* **TASK GOAL**:
Copy all lines in the data that contain the string "What".

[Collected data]

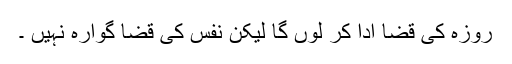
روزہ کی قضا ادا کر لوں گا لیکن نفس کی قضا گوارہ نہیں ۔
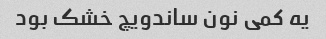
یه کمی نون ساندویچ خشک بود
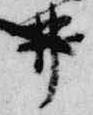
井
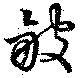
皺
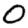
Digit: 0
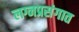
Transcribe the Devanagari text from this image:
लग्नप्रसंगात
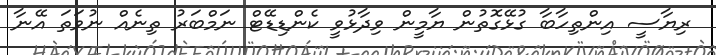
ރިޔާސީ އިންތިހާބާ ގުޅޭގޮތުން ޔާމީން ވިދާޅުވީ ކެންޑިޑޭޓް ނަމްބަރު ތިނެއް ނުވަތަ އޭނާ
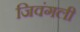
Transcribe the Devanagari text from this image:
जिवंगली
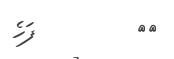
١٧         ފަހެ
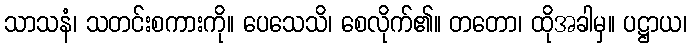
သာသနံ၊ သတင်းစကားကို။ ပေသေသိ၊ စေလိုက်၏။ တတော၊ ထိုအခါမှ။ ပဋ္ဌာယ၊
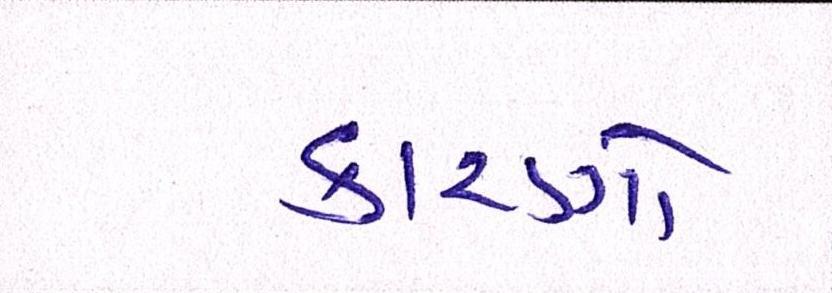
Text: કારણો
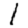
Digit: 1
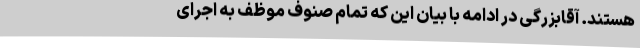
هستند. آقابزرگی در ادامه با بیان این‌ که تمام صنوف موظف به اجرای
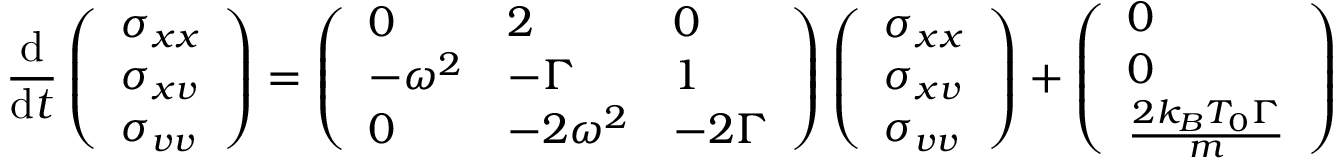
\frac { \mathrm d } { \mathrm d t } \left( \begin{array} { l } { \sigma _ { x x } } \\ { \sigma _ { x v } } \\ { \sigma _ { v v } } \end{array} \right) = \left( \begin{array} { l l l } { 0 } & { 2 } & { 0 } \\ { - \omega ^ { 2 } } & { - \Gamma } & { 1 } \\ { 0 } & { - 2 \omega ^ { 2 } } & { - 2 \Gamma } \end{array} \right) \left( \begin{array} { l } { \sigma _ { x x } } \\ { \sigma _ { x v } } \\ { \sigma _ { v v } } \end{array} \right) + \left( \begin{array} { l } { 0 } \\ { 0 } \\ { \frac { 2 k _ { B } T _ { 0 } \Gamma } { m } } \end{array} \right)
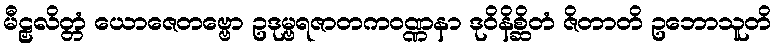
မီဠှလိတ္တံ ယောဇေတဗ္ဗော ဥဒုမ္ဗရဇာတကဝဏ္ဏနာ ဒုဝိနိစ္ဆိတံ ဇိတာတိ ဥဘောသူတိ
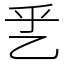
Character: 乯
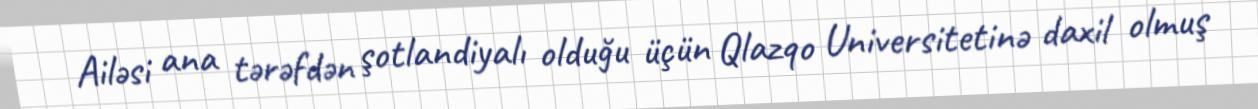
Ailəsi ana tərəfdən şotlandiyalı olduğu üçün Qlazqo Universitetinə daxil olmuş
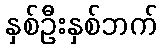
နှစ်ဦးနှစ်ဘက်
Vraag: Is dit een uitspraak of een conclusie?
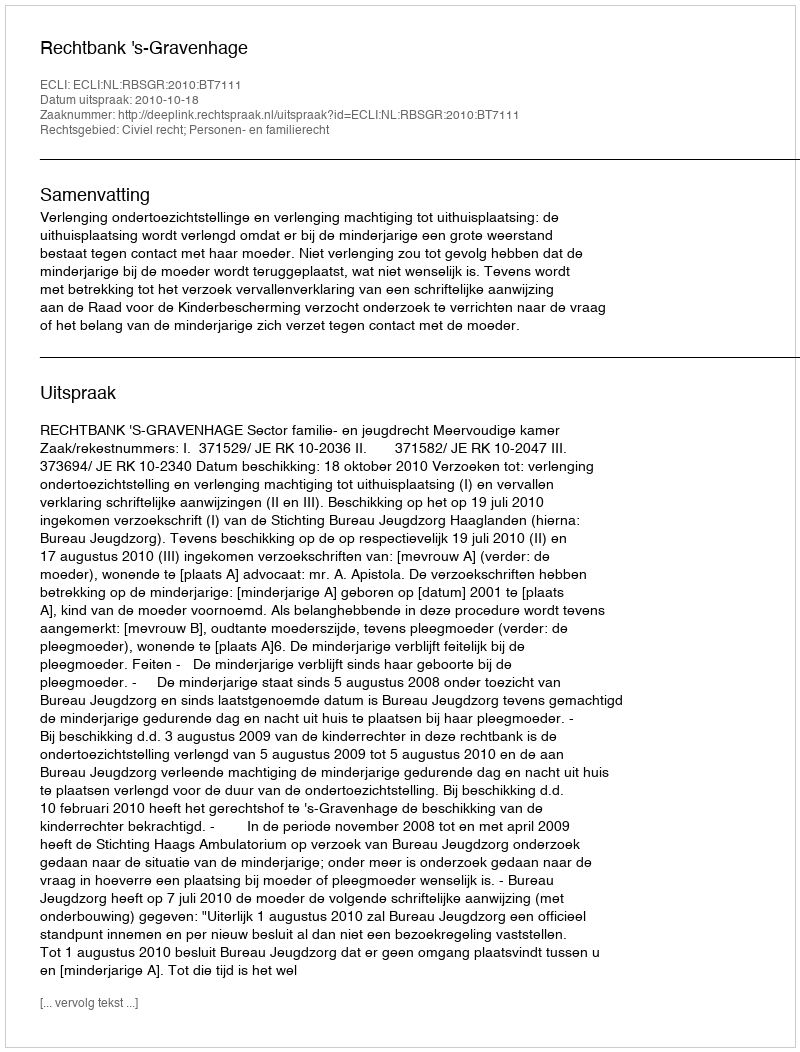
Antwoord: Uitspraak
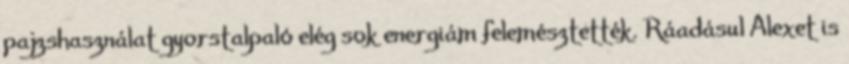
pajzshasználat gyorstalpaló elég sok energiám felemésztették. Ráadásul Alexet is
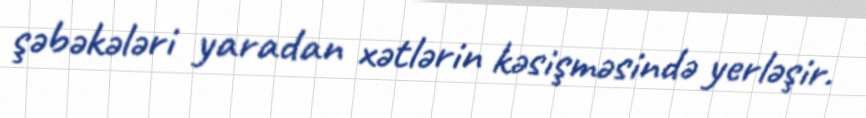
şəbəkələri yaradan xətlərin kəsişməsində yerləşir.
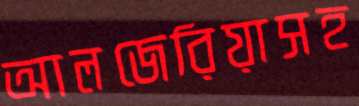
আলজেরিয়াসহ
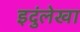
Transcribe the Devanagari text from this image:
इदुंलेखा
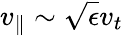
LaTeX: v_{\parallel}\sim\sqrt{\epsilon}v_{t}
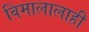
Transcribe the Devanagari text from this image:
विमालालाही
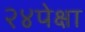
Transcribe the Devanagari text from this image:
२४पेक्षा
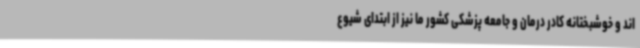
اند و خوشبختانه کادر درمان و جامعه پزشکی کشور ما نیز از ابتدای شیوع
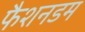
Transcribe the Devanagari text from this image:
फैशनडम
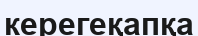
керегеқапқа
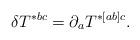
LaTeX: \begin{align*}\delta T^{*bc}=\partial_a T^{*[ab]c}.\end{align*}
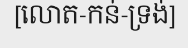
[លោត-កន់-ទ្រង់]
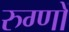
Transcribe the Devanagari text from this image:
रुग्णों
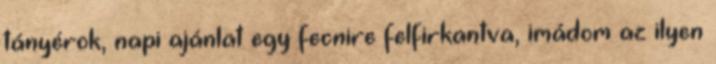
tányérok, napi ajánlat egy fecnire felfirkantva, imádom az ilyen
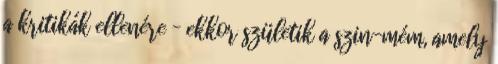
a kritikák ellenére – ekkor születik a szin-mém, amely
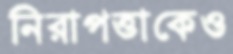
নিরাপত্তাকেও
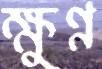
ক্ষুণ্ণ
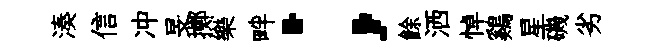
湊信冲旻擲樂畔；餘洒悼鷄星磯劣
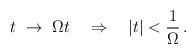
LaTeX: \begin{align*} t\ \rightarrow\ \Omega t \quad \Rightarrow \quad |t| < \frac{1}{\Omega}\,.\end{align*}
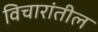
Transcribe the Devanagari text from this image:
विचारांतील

--

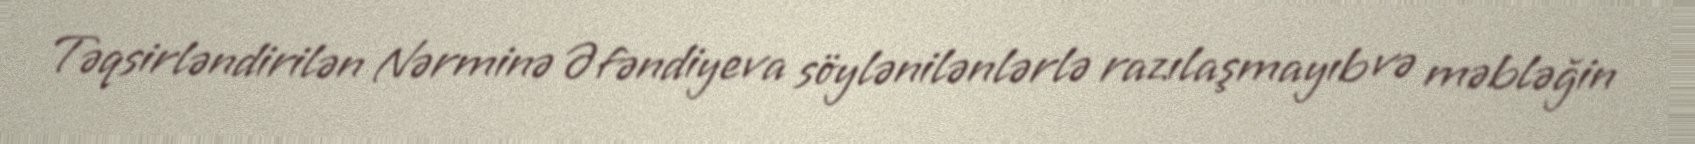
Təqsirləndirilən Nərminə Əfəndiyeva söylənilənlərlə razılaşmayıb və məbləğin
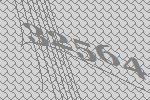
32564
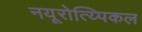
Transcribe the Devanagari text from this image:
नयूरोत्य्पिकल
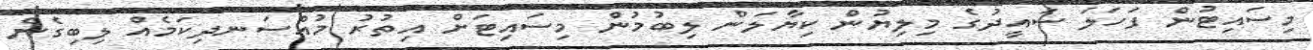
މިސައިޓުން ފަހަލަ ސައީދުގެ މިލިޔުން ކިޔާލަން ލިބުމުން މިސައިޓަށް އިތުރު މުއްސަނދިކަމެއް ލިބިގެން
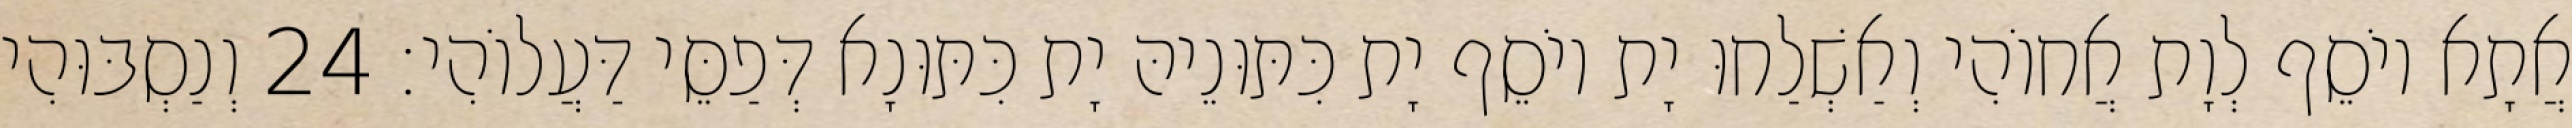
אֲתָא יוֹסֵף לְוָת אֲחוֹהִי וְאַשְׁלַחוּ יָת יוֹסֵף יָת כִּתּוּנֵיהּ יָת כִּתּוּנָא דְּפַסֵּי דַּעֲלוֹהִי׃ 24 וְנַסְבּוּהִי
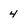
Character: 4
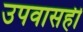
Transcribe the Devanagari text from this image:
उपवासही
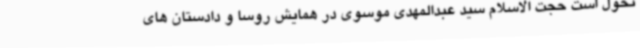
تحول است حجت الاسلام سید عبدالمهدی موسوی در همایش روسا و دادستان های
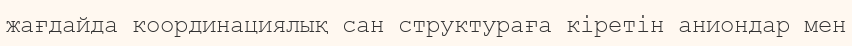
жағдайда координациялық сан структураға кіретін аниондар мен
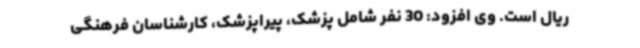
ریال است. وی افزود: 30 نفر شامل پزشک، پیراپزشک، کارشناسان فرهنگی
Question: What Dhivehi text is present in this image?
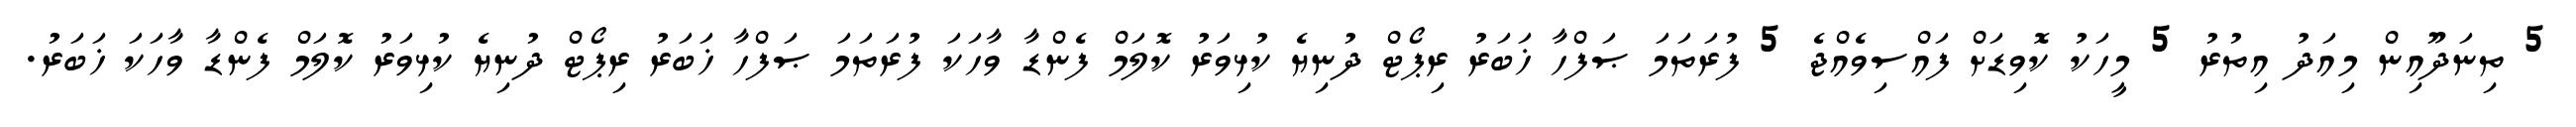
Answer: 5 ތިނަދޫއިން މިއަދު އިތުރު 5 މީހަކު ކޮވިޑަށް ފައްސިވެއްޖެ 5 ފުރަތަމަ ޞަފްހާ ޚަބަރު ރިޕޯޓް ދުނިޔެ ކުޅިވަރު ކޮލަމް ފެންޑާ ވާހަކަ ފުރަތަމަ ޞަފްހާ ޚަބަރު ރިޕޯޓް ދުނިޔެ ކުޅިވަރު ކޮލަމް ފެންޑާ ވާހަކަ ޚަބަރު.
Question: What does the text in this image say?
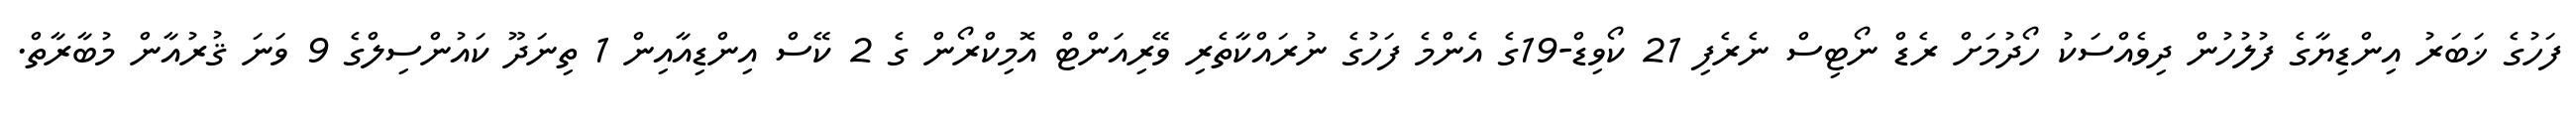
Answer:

* **WRITTEN SOLUTION**:
Question: What Dhivehi text is present in this image?
Question: What does the text in this image say?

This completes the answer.